WORK ITEM:
Retype, without pictures, the line holding "#41270=EDGE_CURVE('',#39795,#39794,#35290,.T.);" and each line below it through the final line.

DATA EXTRACTS:
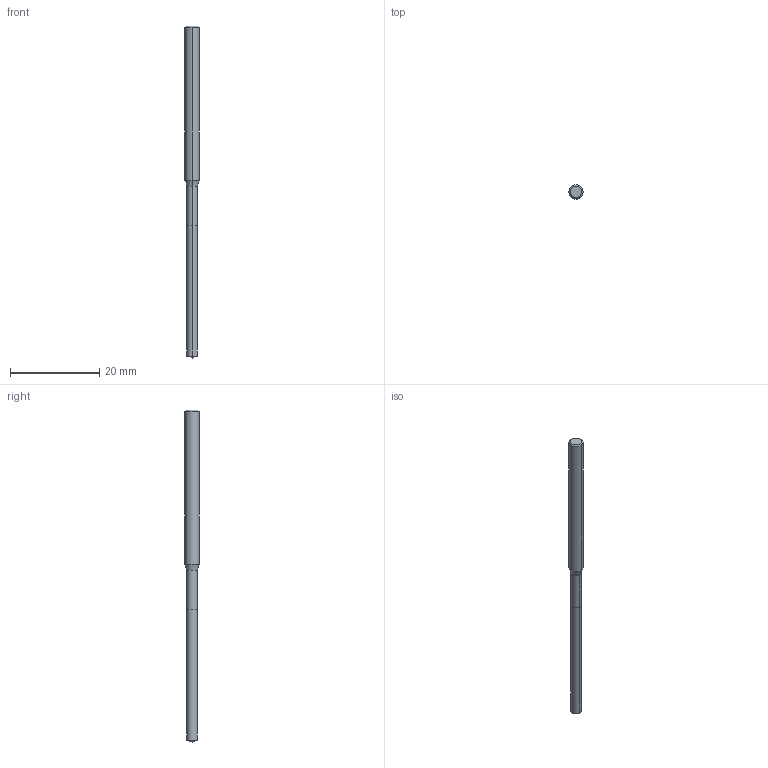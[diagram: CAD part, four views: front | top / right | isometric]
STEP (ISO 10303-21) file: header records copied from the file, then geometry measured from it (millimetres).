
FILE_DESCRIPTION(/* description */ (''),/* implementation_level */ '2;1');
FILE_NAME(/* name */ 'MWS00960XB.stp',/* time_stamp */ '2025-03-06T14:47:22+09:00',/* author */ (''),/* organization */ (''),/* preprocessor_version */ 'ST-DEVELOPER v18.101',/* originating_system */ 'SIEMENS PLM Software NX 2011',/* authorisation */ '');
FILE_SCHEMA (('AUTOMOTIVE_DESIGN { 1 0 10303 214 3 1 1 1 }'));
Length unit declared in the file: millimetre
Products named in the file (1): MWS00960XB_ASM
Bounding box: 3.17 x 3.17 x 74.44 mm (x, y, z)
Volume: 460.3 mm3; surface area: 669.3 mm2
Topology: 2 solids, 2 shells, 15 faces, 32 edges, 24 vertices
Faces by surface type: cone 6, cylinder 6, plane 3
Entity records: 518 total; most frequent: DIRECTION 96, CARTESIAN_POINT 72, ORIENTED_EDGE 52, AXIS2_PLACEMENT_3D 40, EDGE_CURVE 26, STYLED_ITEM 17, PRESENTATION_STYLE_ASSIGNMENT 17, LINE 16
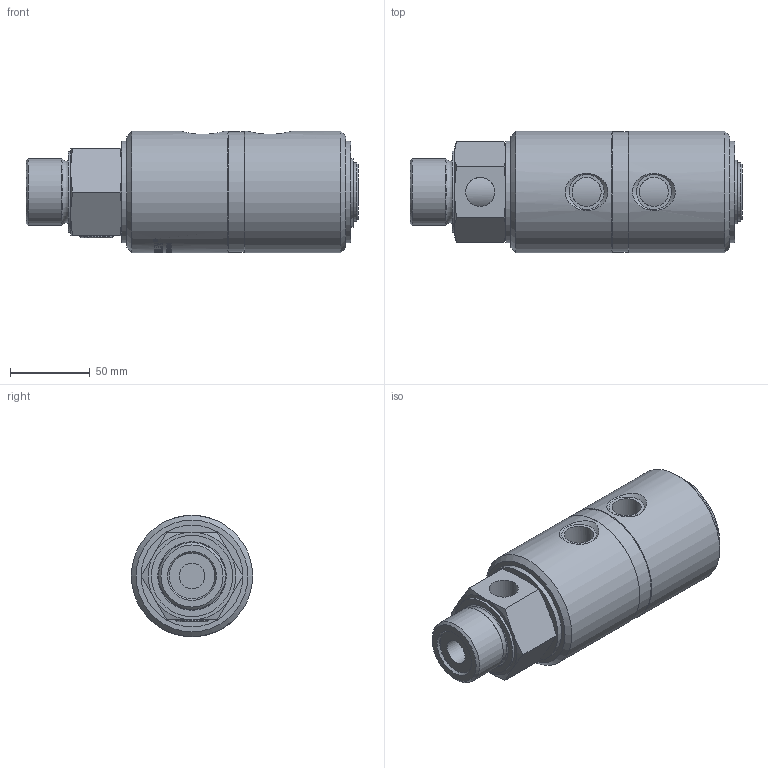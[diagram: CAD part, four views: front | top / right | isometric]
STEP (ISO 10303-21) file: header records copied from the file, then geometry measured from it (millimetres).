
FILE_DESCRIPTION(/* description */ (''),/* implementation_level */ '2;1');
FILE_NAME(/* name */ '1790-001-114-IC.stp',/* time_stamp */ '2020-05-21T10:37:50-05:00',/* author */ ('manton'),/* organization */ (''),/* preprocessor_version */ 'ST-DEVELOPER v18',/* originating_system */ 'Autodesk Inventor 2020',/* authorisation */ '');
FILE_SCHEMA (('AUTOMOTIVE_DESIGN { 1 0 10303 214 3 1 1 }'));
Length unit declared in the file: millimetre
Products named in the file (1): 1790-001-114-IC
Bounding box: 208 x 76 x 76 mm (x, y, z)
Volume: 742051.7 mm3; surface area: 61780.1 mm2
Topology: 1 solids, 6 shells, 389 faces, 989 edges, 662 vertices
Faces by surface type: plane 181, bspline 95, cylinder 84, cone 28, torus 1
Full cylindrical faces by diameter (mm): 1.981 x2, 3 x1, 4 x1, 13 x4, 16 x1, 18.25 x4, 28.63 x1, 34.35 x1, 36.58 x2, 41.91 x1, 42.9 x1, 50.8 x1, 63.75 x2, 75.5 x1, 76 x2
Entity records: 15935 total; most frequent: CARTESIAN_POINT 6741, ORIENTED_EDGE 1976, DIRECTION 1656, EDGE_CURVE 988, VERTEX_POINT 662, AXIS2_PLACEMENT_3D 626, EDGE_LOOP 444, LINE 404
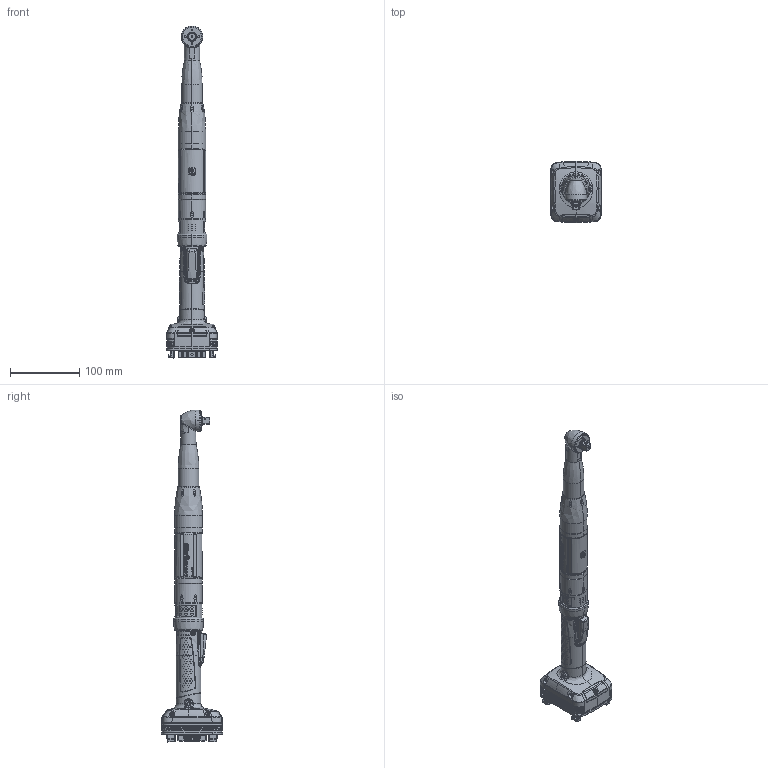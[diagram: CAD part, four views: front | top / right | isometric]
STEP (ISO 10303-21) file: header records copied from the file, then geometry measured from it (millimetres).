
FILE_DESCRIPTION((''),'2;1');
FILE_NAME('EXT_COMP_SW0037','2022-12-27T09:25:05',('INEdipo'),(''),'CREO PARAMETRIC BY PTC INC, 2020281','CREO PARAMETRIC BY PTC INC, 2020281','');
FILE_SCHEMA(('CONFIG_CONTROL_DESIGN'));
Products named in the file (1): EXT_COMP_SW0037
Bounding box: 74.42 x 88.48 x 480 mm (x, y, z)
Volume: 646458 mm3; surface area: 94685.2 mm2
Topology: 1 solids, 4 shells, 4730 faces, 12537 edges, 8104 vertices
Faces by surface type: plane 1423, extrusion 1062, bspline 1052, cylinder 956, cone 113, torus 96, sphere 21, revolution 7
Entity records: 210054 total; most frequent: CARTESIAN_POINT 106106, ORIENTED_EDGE 25036, DIRECTION 14848, EDGE_CURVE 12518, VERTEX_POINT 8104, B_SPLINE_CURVE_WITH_KNOTS 6749, VECTOR 6177, LINE 5115
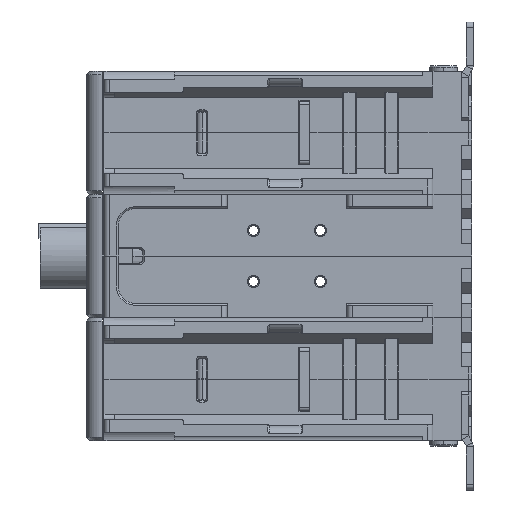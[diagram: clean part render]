
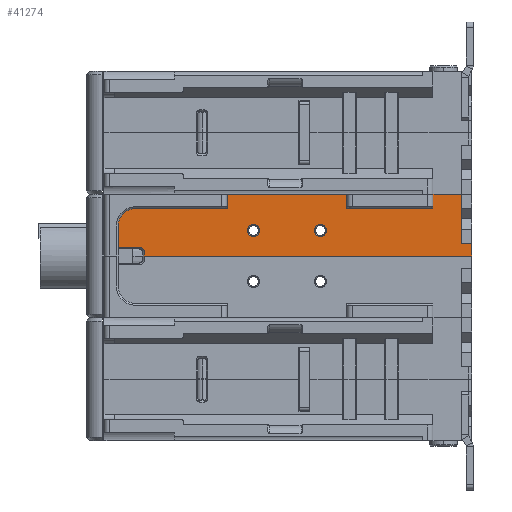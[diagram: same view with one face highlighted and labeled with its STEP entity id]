
A CAD part, left-side view. The second image highlights one B-rep face of the part: STEP entity #41274.
In plain terms, the highlighted planar face has unit normal (-1, 0, 0).
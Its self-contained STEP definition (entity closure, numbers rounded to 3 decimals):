
#34304=DIRECTION('',(0.,1.,0.));
#34305=VECTOR('',#34304,8.);
#34306=CARTESIAN_POINT('',(-53.,-44.5,70.));
#34307=LINE('',#34306,#34305);
#34326=DIRECTION('',(0.,1.,0.));
#34327=VECTOR('',#34326,34.);
#34328=CARTESIAN_POINT('',(-53.,-12.,70.));
#34329=LINE('',#34328,#34327);
#35213=CARTESIAN_POINT('',(-53.,48.,61.));
#35214=DIRECTION('',(-1.,0.,0.));
#35215=DIRECTION('',(0.,0.,1.));
#35216=AXIS2_PLACEMENT_3D('',#35213,#35214,#35215);
#35218=DIRECTION('',(0.,-1.,0.));
#35219=VECTOR('',#35218,26.);
#35220=CARTESIAN_POINT('',(-53.,48.,66.));
#35221=LINE('',#35220,#35219);
#35222=DIRECTION('',(0.,0.,-1.));
#35223=VECTOR('',#35222,4.);
#35224=CARTESIAN_POINT('',(-53.,22.,70.));
#35225=LINE('',#35224,#35223);
#35226=DIRECTION('',(0.,0.,1.));
#35227=VECTOR('',#35226,4.);
#35228=CARTESIAN_POINT('',(-53.,-12.,66.));
#35229=LINE('',#35228,#35227);
#35230=DIRECTION('',(0.,-1.,0.));
#35231=VECTOR('',#35230,24.5);
#35232=CARTESIAN_POINT('',(-53.,-12.,66.));
#35233=LINE('',#35232,#35231);
#35234=DIRECTION('',(0.,0.,-1.));
#35235=VECTOR('',#35234,4.);
#35236=CARTESIAN_POINT('',(-53.,-36.5,70.));
#35237=LINE('',#35236,#35235);
#35238=DIRECTION('',(0.,0.,-1.));
#35239=VECTOR('',#35238,14.);
#35240=CARTESIAN_POINT('',(-53.,-44.5,70.));
#35241=LINE('',#35240,#35239);
#35242=DIRECTION('',(0.,1.,0.));
#35243=VECTOR('',#35242,3.);
#35244=CARTESIAN_POINT('',(-53.,-47.5,56.));
#35245=LINE('',#35244,#35243);
#35246=DIRECTION('',(0.,0.,-1.));
#35247=VECTOR('',#35246,3.5);
#35248=CARTESIAN_POINT('',(-53.,-47.5,56.));
#35249=LINE('',#35248,#35247);
#35250=DIRECTION('',(0.,1.,0.));
#35251=VECTOR('',#35250,93.);
#35252=CARTESIAN_POINT('',(-53.,-47.5,52.5));
#35253=LINE('',#35252,#35251);
#35254=DIRECTION('',(0.,0.,-1.));
#35255=VECTOR('',#35254,1.);
#35256=CARTESIAN_POINT('',(-53.,45.5,53.5));
#35257=LINE('',#35256,#35255);
#35258=CARTESIAN_POINT('',(-53.,47.,53.5));
#35259=DIRECTION('',(1.,0.,0.));
#35260=DIRECTION('',(0.,0.,1.));
#35261=AXIS2_PLACEMENT_3D('',#35258,#35259,#35260);
#35263=DIRECTION('',(0.,-1.,0.));
#35264=VECTOR('',#35263,6.);
#35265=CARTESIAN_POINT('',(-53.,53.,55.));
#35266=LINE('',#35265,#35264);
#35267=DIRECTION('',(0.,0.,1.));
#35268=VECTOR('',#35267,6.);
#35269=CARTESIAN_POINT('',(-53.,53.,55.));
#35270=LINE('',#35269,#35268);
#35271=CARTESIAN_POINT('',(-53.,14.5,59.75));
#35272=DIRECTION('',(1.,0.,0.));
#35273=DIRECTION('',(0.,0.,-1.));
#35274=AXIS2_PLACEMENT_3D('',#35271,#35272,#35273);
#35276=CARTESIAN_POINT('',(-53.,14.5,59.75));
#35277=DIRECTION('',(1.,0.,0.));
#35278=DIRECTION('',(0.,0.,1.));
#35279=AXIS2_PLACEMENT_3D('',#35276,#35277,#35278);
#35281=CARTESIAN_POINT('',(-53.,-4.5,59.75));
#35282=DIRECTION('',(1.,0.,0.));
#35283=DIRECTION('',(0.,0.,-1.));
#35284=AXIS2_PLACEMENT_3D('',#35281,#35282,#35283);
#35286=CARTESIAN_POINT('',(-53.,-4.5,59.75));
#35287=DIRECTION('',(1.,0.,0.));
#35288=DIRECTION('',(0.,0.,1.));
#35289=AXIS2_PLACEMENT_3D('',#35286,#35287,#35288);
#38337=CARTESIAN_POINT('',(-53.,-44.5,70.));
#38339=VERTEX_POINT('',#38337);
#38362=CARTESIAN_POINT('',(-53.,-47.5,56.));
#38364=VERTEX_POINT('',#38362);
#38378=CARTESIAN_POINT('',(-53.,-44.5,56.));
#38379=VERTEX_POINT('',#38378);
#38382=CARTESIAN_POINT('',(-53.,-47.5,52.5));
#38383=VERTEX_POINT('',#38382);
#39406=CARTESIAN_POINT('',(-53.,53.,55.));
#39407=CARTESIAN_POINT('',(-53.,47.,55.));
#39408=VERTEX_POINT('',#39406);
#39409=VERTEX_POINT('',#39407);
#39416=CARTESIAN_POINT('',(-53.,45.5,52.5));
#39417=VERTEX_POINT('',#39416);
#39488=CARTESIAN_POINT('',(-53.,-36.5,70.));
#39489=CARTESIAN_POINT('',(-53.,-36.5,66.));
#39490=VERTEX_POINT('',#39488);
#39491=VERTEX_POINT('',#39489);
#39508=CARTESIAN_POINT('',(-53.,48.,66.));
#39509=CARTESIAN_POINT('',(-53.,53.,61.));
#39510=VERTEX_POINT('',#39508);
#39511=VERTEX_POINT('',#39509);
#39548=CARTESIAN_POINT('',(-53.,-12.,70.));
#39549=CARTESIAN_POINT('',(-53.,22.,70.));
#39550=VERTEX_POINT('',#39548);
#39551=VERTEX_POINT('',#39549);
#39560=CARTESIAN_POINT('',(-53.,-12.,66.));
#39561=VERTEX_POINT('',#39560);
#39562=CARTESIAN_POINT('',(-53.,22.,66.));
#39563=VERTEX_POINT('',#39562);
#39784=CARTESIAN_POINT('',(-53.,14.5,58.05));
#39785=CARTESIAN_POINT('',(-53.,14.5,61.45));
#39786=VERTEX_POINT('',#39784);
#39787=VERTEX_POINT('',#39785);
#39792=CARTESIAN_POINT('',(-53.,-4.5,58.05));
#39793=CARTESIAN_POINT('',(-53.,-4.5,61.45));
#39794=VERTEX_POINT('',#39792);
#39795=VERTEX_POINT('',#39793);
#39838=CARTESIAN_POINT('',(-53.,45.5,53.5));
#39839=VERTEX_POINT('',#39838);
#41232=CARTESIAN_POINT('',(-53.,-47.5,70.));
#41233=DIRECTION('',(-1.,0.,0.));
#41234=DIRECTION('',(0.,1.,0.));
#41235=AXIS2_PLACEMENT_3D('',#41232,#41233,#41234);
#41236=PLANE('',#41235);
#41237=ORIENTED_EDGE('',*,*,#41226,.F.);
#41238=ORIENTED_EDGE('',*,*,#40965,.T.);
#41239=ORIENTED_EDGE('',*,*,#40919,.F.);
#41240=ORIENTED_EDGE('',*,*,#39933,.F.);
#41241=ORIENTED_EDGE('',*,*,#40854,.F.);
#41242=ORIENTED_EDGE('',*,*,#41000,.T.);
#41244=ORIENTED_EDGE('',*,*,#41243,.F.);
#41245=ORIENTED_EDGE('',*,*,#39921,.F.);
#41246=ORIENTED_EDGE('',*,*,#40229,.T.);
#41248=ORIENTED_EDGE('',*,*,#41247,.F.);
#41250=ORIENTED_EDGE('',*,*,#41249,.T.);
#41252=ORIENTED_EDGE('',*,*,#41251,.T.);
#41254=ORIENTED_EDGE('',*,*,#41253,.F.);
#41256=ORIENTED_EDGE('',*,*,#41255,.F.);
#41258=ORIENTED_EDGE('',*,*,#41257,.F.);
#41259=ORIENTED_EDGE('',*,*,#41120,.T.);
#41260=EDGE_LOOP('',(#41237,#41238,#41239,#41240,#41241,#41242,#41244,#41245,
#41246,#41248,#41250,#41252,#41254,#41256,#41258,#41259));
#41261=FACE_OUTER_BOUND('',#41260,.F.);
#41263=ORIENTED_EDGE('',*,*,#41262,.F.);
#41265=ORIENTED_EDGE('',*,*,#41264,.F.);
#41266=EDGE_LOOP('',(#41263,#41265));
#41267=FACE_BOUND('',#41266,.F.);
#41269=ORIENTED_EDGE('',*,*,#41268,.F.);
#41271=ORIENTED_EDGE('',*,*,#41270,.F.);
#41272=EDGE_LOOP('',(#41269,#41271));
#41273=FACE_BOUND('',#41272,.F.);
#41274=ADVANCED_FACE('',(#41261,#41267,#41273),#41236,.T.);
#35217=CIRCLE('',#35216,5.);
#35262=CIRCLE('',#35261,1.5);
#35275=CIRCLE('',#35274,1.7);
#35280=CIRCLE('',#35279,1.7);
#35285=CIRCLE('',#35284,1.7);
#35290=CIRCLE('',#35289,1.7);
#39921=EDGE_CURVE('',#38339,#39490,#34307,.T.);
#39933=EDGE_CURVE('',#39550,#39551,#34329,.T.);
#40229=EDGE_CURVE('',#38339,#38379,#35241,.T.);
#40854=EDGE_CURVE('',#39561,#39550,#35229,.T.);
#40919=EDGE_CURVE('',#39551,#39563,#35225,.T.);
#40965=EDGE_CURVE('',#39510,#39563,#35221,.T.);
#41000=EDGE_CURVE('',#39561,#39491,#35233,.T.);
#41120=EDGE_CURVE('',#39408,#39511,#35270,.T.);
#41226=EDGE_CURVE('',#39510,#39511,#35217,.T.);
#41243=EDGE_CURVE('',#39490,#39491,#35237,.T.);
#41247=EDGE_CURVE('',#38364,#38379,#35245,.T.);
#41249=EDGE_CURVE('',#38364,#38383,#35249,.T.);
#41251=EDGE_CURVE('',#38383,#39417,#35253,.T.);
#41253=EDGE_CURVE('',#39839,#39417,#35257,.T.);
#41255=EDGE_CURVE('',#39409,#39839,#35262,.T.);
#41257=EDGE_CURVE('',#39408,#39409,#35266,.T.);
#41262=EDGE_CURVE('',#39786,#39787,#35275,.T.);
#41264=EDGE_CURVE('',#39787,#39786,#35280,.T.);
#41268=EDGE_CURVE('',#39794,#39795,#35285,.T.);
#41270=EDGE_CURVE('',#39795,#39794,#35290,.T.);
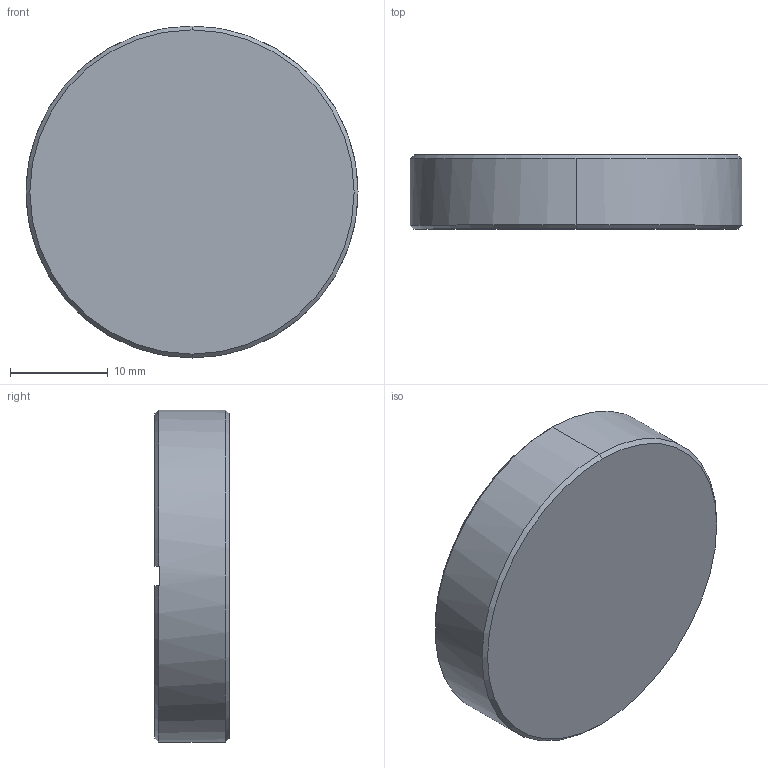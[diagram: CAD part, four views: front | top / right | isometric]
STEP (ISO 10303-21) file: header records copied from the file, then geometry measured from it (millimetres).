
FILE_DESCRIPTION (( 'STEP AP214' ), '1' );
FILE_NAME ('Hositrad_CF16-BHT.STEP', '2017-04-26T10:49:30', ( 'Gebruiker' ), ( '' ), 'SwSTEP 2.0', 'SolidWorks 2017', '' );
FILE_SCHEMA (( 'AUTOMOTIVE_DESIGN' ));
Length unit declared in the file: millimetre
Products named in the file (1): Hositrad_CF16-BHT
Bounding box: 34 x 7.6 x 34 mm (x, y, z)
Volume: 6140.3 mm3; surface area: 3066.4 mm2
Topology: 1 solids, 1 shells, 59 faces, 140 edges, 77 vertices
Faces by surface type: cone 33, cylinder 16, plane 10
Entity records: 1773 total; most frequent: DIRECTION 305, CARTESIAN_POINT 277, ORIENTED_EDGE 256, EDGE_CURVE 128, AXIS2_PLACEMENT_3D 121, VERTEX_POINT 77, EDGE_LOOP 65, LINE 63

ANSWER FOR THE TASK:
#41270=EDGE_CURVE('',#39795,#39794,#35290,.T.);
[diagram: CAD part, four views: front | top / right | isometric]
STEP (ISO 10303-21) file: header records copied from the file, then geometry measured from it (millimetres).
FILE_DESCRIPTION (( 'STEP AP214' ), '1' );
FILE_NAME ('Hositrad_CF16-BHT.STEP', '2017-04-26T10:49:30', ( 'Gebruiker' ), ( '' ), 'SwSTEP 2.0', 'SolidWorks 2017', '' );
FILE_SCHEMA (( 'AUTOMOTIVE_DESIGN' ));
Length unit declared in the file: millimetre
Products named in the file (1): Hositrad_CF16-BHT
Bounding box: 34 x 7.6 x 34 mm (x, y, z)
Volume: 6140.3 mm3; surface area: 3066.4 mm2
Topology: 1 solids, 1 shells, 59 faces, 140 edges, 77 vertices
Faces by surface type: cone 33, cylinder 16, plane 10
Entity records: 1773 total; most frequent: DIRECTION 305, CARTESIAN_POINT 277, ORIENTED_EDGE 256, EDGE_CURVE 128, AXIS2_PLACEMENT_3D 121, VERTEX_POINT 77, EDGE_LOOP 65, LINE 63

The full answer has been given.